Bank of Qingdao Company Limited
- Native name: 青岛银行股份有限公司
- Company type: Joint stock bank
- Traded as: SEHK: 3866
- Industry: Banking and Finance
- Founded: 15 November 1996; 29 years ago
- Headquarters: Qingdao, China
- Key people: Guo Shaoquan Chairman Wang Lin President and Director
- Products: Consumer Banking Corporate Banking Mortgages
- Revenue: US$0.43 billion (June 2016)
- Total assets: US$30.05 billion (June 2016)
- Total equity: US$2.48 billion (June 2016)
- Number of employees: 3,023
- Website: Homepage

= Bank of Qingdao =

Chinese banking company

Bank of Qingdao Company Limited (simplified Chinese: 青岛银行: Qīngdǎo yínháng, traditional Chinese: 青島銀行) is a provider of retail and corporate banking services in Shandong province, headquarters are in Qingdao, China.
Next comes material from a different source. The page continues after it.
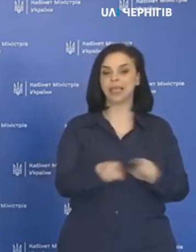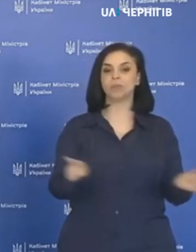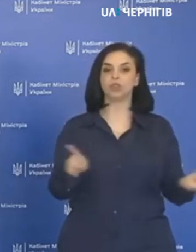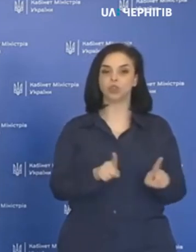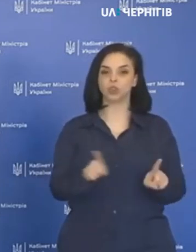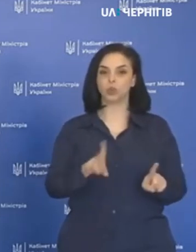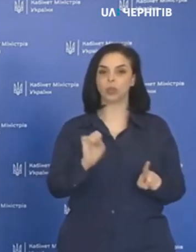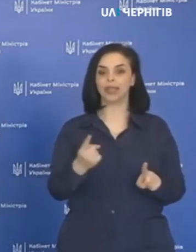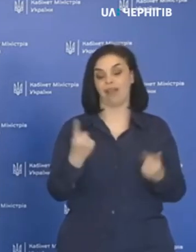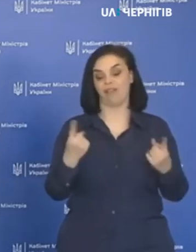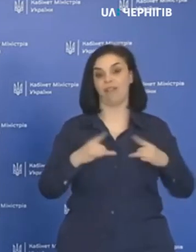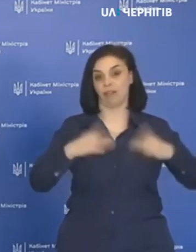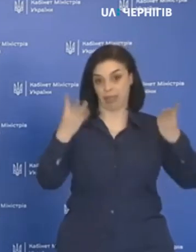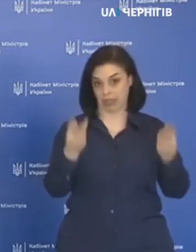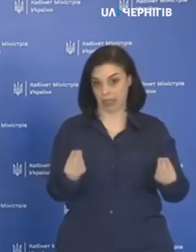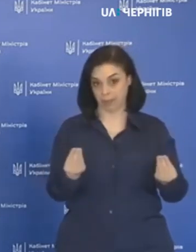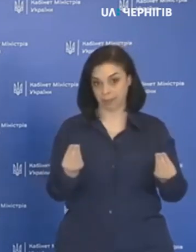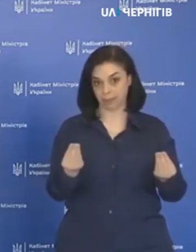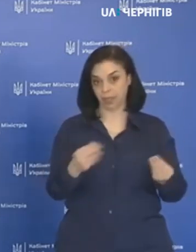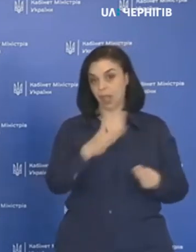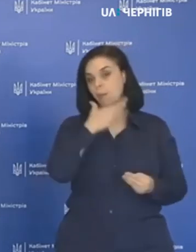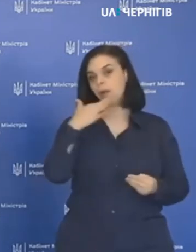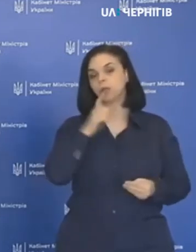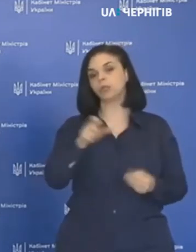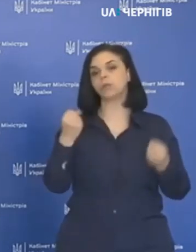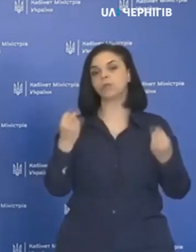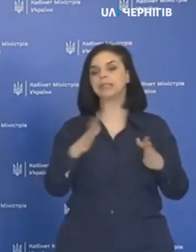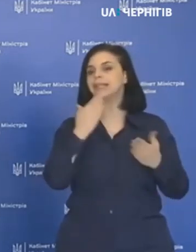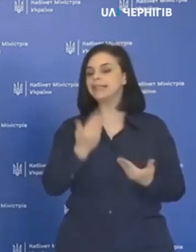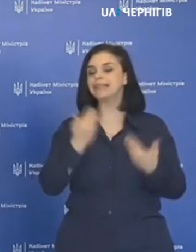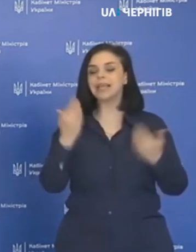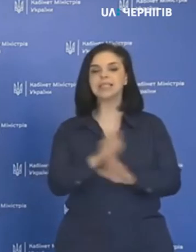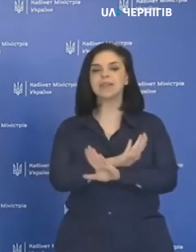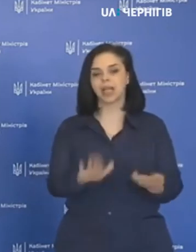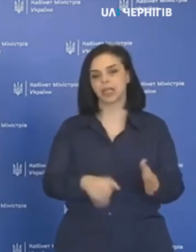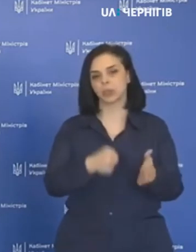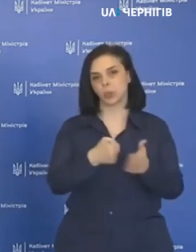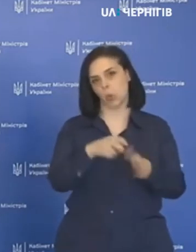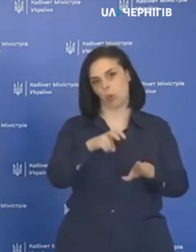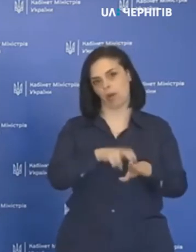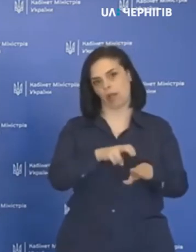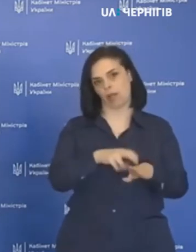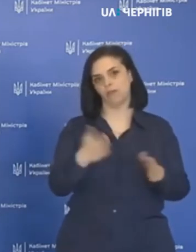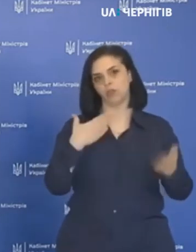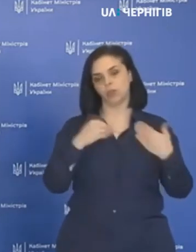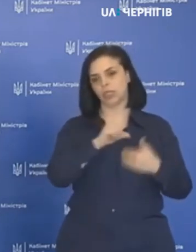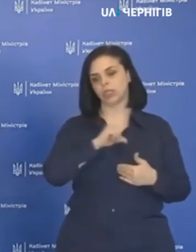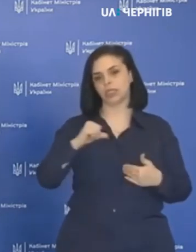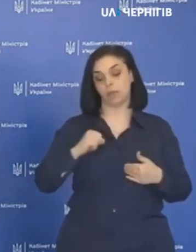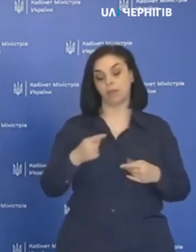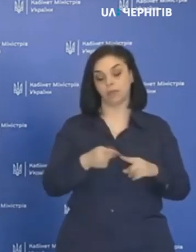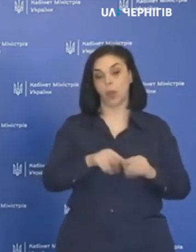що на Великдень багато людей просто не зверталось до лікарів щодо саме

Bank of Qingdao is regulated by the People's Bank of China, the nation's central bank.

== Overview ==
As of 30 June 2015, the total asset valuation of the bank was approximately US$24.54 billion, with shareholder's equity of about US$1.76 billion, 3,023 employees and a branch network of eighty six branches in nine cities and sixty one sub-branches.
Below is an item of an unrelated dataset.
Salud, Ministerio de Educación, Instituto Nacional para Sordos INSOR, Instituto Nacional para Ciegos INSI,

In May 2016, the US based Forbes magazine ranked Bank of Qingdao at 1,791 in its list of The World's Biggest Public Companies, 1,790 in Profit and 826 in total assets. The bank was among top 300 Asian banks (ranking 172) and China's top 500 service enterprises in 2015.

== History ==
Bank of Qingdao was founded on 15 November 1996 as Qingdao City Cooperative Bank (青岛城市合作银行). This was by way of merger of 21 urban cooperatives in Qingdao. In 1998, the bank's name was changed to Qingdao commercial Bank (青岛市商业银行) so as to target a larger client base. The shareholders of these cooperatives became the founder shareholders in the newly developed bank.

In 2001, Haier took majority control of the bank after six of its subsidiaries acquired stake in the bank. This acquisition was made by Haier through its subsidiaries as the Chinese laws did not allow a non-financial institution to own more than ten percent of a bank. Haier's investment enabled the bank to invest in the SilverLake system. This made Qingdao Commercial Bank the first institution in China to adopt the system. The bank received investment from Qingdao Conson in 2005.

In 2008, Italy based Intesa Sanpaolo acquired a twenty percent stake in the bank for $135m. This was followed by an investment of €25.4m from Rothschild Continuation Holdings for a five percent stake in the bank. These acquisitions made ISP and Rothschild the first foreign investors in the bank and were part of a broader fundraising that more than doubled the bank's capital. In 2008, the bank's was rebranded to Bank of Qingdao and it expanded its operations outside Qingdao.

In November 2015, Bank of Qingdao listed H shares on the Hong Kong Stock Exchange after a successful initial public offering. The bank managed to raise US$607 million in the public offering. The offer was undersubscription due to a volatile market. The IPO was underwritten by Goldman Sachs and CITIC Securities with BNP Paribas, Banca IMI (Intesa Sanpaolo's investment bank) and Rothschild as part of the transaction advisors. The IPO also saw the shares of the major shareholders listed on the HKSE making it possible for them to exit the venture through the stock exchange.

== Ownership ==
The shares of the stock of Bank of Qingdao are traded on the Hong Kong Stock Exchange, under the ticker: 3866. As of June 2015, prior to the IPO, the shareholding in the bank's stock was as depicted in the table below:

Bank of Qingdao Stock Ownership
| Rank | Name of Owner | Percentage Ownership |
|---|---|---|
| 1 | Haier and Associate Companies | 26.10 |
| 2 | Intesa Sanpaolo of Italy | 20.00 |
| 5 | Qingdao Conson | 17.13 |
| 5 | Rothschild Continuation Holdings | 3.18 |
| 5 | Other | 33.59 |
|  | Total | 100.00 |

== Governance ==
Bank of Qingdao is governed by a twelve-person board of directors led by Shaoquan Guo as the chairman and Lin Wang as the President and Executive Director. Other board members include Mr. Yang Fengjiang, Ms. Lu Lan, Mr. Zhou Yunjie, Mr. Rosario Strano, Ms. Tan Lixia, Mr. Marco Mussita, Mr. Deng Youcheng, Mr. Calvin Choi, Mr. Wong Tin Yau Kelvin, Mr. Chen Hua, Ms. Dai Shuping, Mr. Simon Cheung, and Ms. Fang Qiaoling.